> [WHAT THE TASK ASKS]:
Lines in which "bold" appears should be pulled from the data below.
--- RECORDS ---
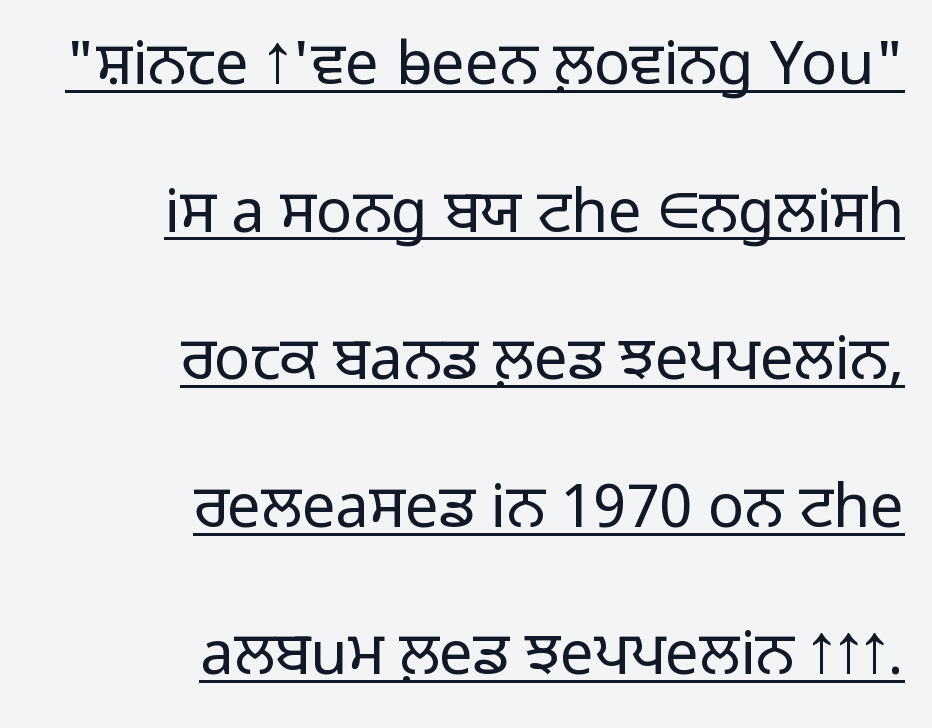
The image shows 60 px light sans-serif type, upright; set right-aligned, loose line spacing (2.46x), normal letter spacing, underlined; low stroke contrast and a medium x-height.
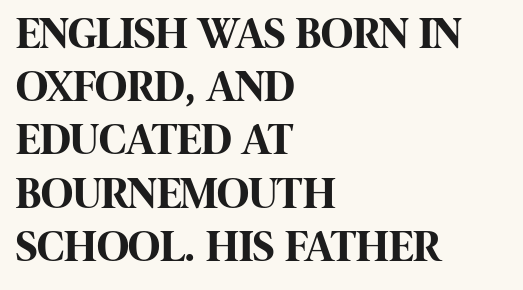
Q: Is the text bold? A: Yes.
Q: Is the text italic (slanted)? A: No, it is upright.
Q: Is the typeface a serif or a sans-serif typeface? A: Sans-serif.
Q: Is the text underlined? A: No.
Q: How is the paragraph aligned? A: Left-aligned.
Q: Is the spacing between letters normal or unusually wide? A: Normal.
Q: Width (condensed, normal, or wide)? A: Condensed.
Q: Stroke contrast? A: High.
Q: x-height? A: Large.
Q: Monospaced? A: No.
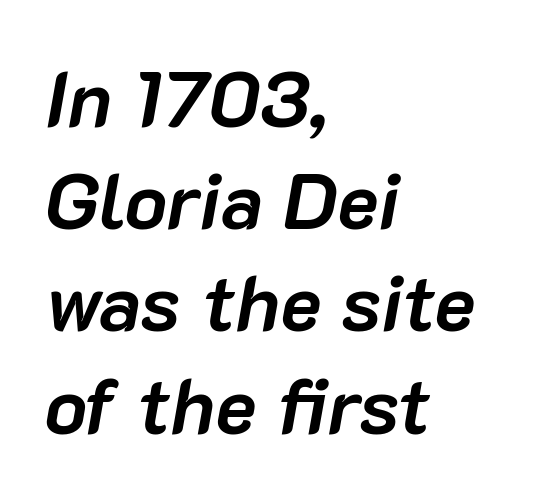
Q: Is the text bold? A: Yes.
Q: Is the text italic (slanted)? A: Yes, it leans right by about 10 degrees.
Q: Is the text underlined? A: No.
Q: How is the paragraph aligned? A: Left-aligned.
Q: Is the spacing between letters normal or unusually wide? A: Normal.
Q: Is the spacing between lines tight, normal or loose? A: Normal.
Q: Width (condensed, normal, or wide)? A: Normal.
Q: Stroke contrast? A: Low.
Q: x-height? A: Medium.
Q: Monospaced? A: No.
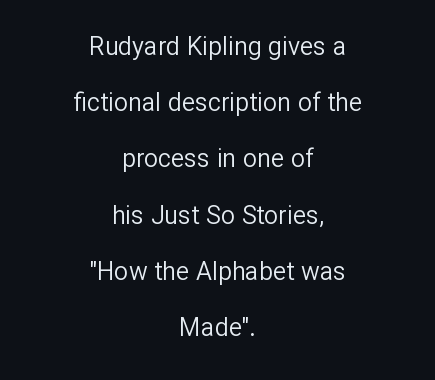
The image shows 25 px text type, upright; set centered, loose line spacing (2.25x), normal letter spacing, not underlined.
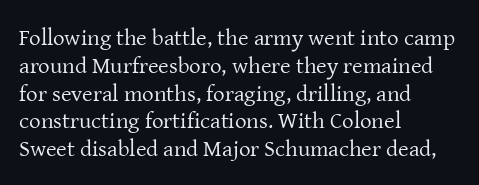
Italic: no, the glyphs are upright roman. Typeset ragged right — the left edge is the straight one. The gaps between neighbouring characters are ordinary and unremarkable. No letter is thick-stroked: the sample isn't bold. Lines of text with bare space underneath.
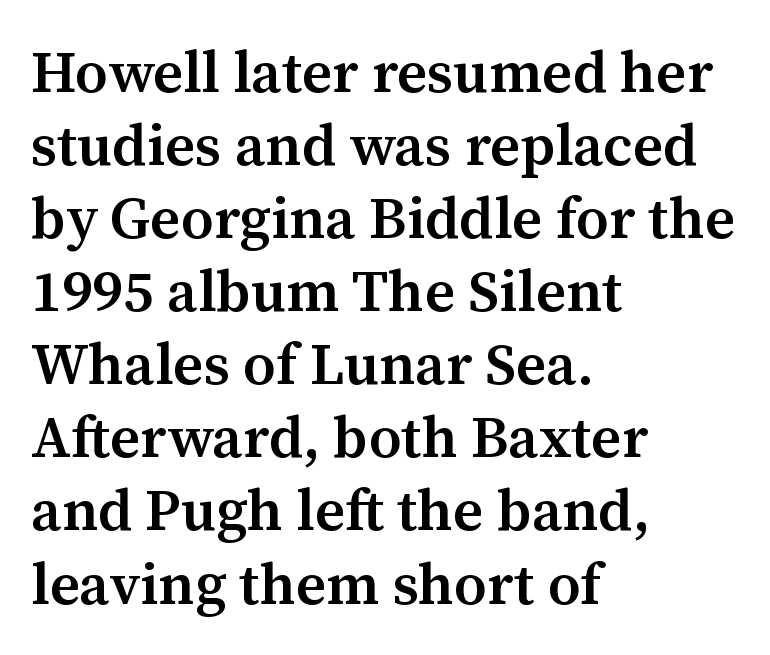
{"serif": "yes", "italic": "no", "bold": "semi", "weight": "semibold", "width": "normal", "stroke_contrast": "medium", "x_height": "medium", "monospaced": "no", "underline": "no", "align": "left", "line_spacing": "normal", "line_spacing_ratio": 1.26, "letter_spacing": "normal", "letter_spacing_em": 0.0, "glyph_px": 58}
---
> [WRITTEN SOLUTION]:
Q: Is the text bold? A: Yes.
Q: Is the text bold? A: Yes.
Italic: no, the glyphs are upright roman. Typeset ragged right — the left edge is the straight one. The gaps between neighbouring characters are ordinary and unremarkable. No letter is thick-stroked: the sample isn't bold. Lines of text with bare space underneath.
{"serif": "yes", "italic": "no", "bold": "semi", "weight": "semibold", "width": "normal", "stroke_contrast": "medium", "x_height": "medium", "monospaced": "no", "underline": "no", "align": "left", "line_spacing": "normal", "line_spacing_ratio": 1.26, "letter_spacing": "normal", "letter_spacing_em": 0.0, "glyph_px": 58}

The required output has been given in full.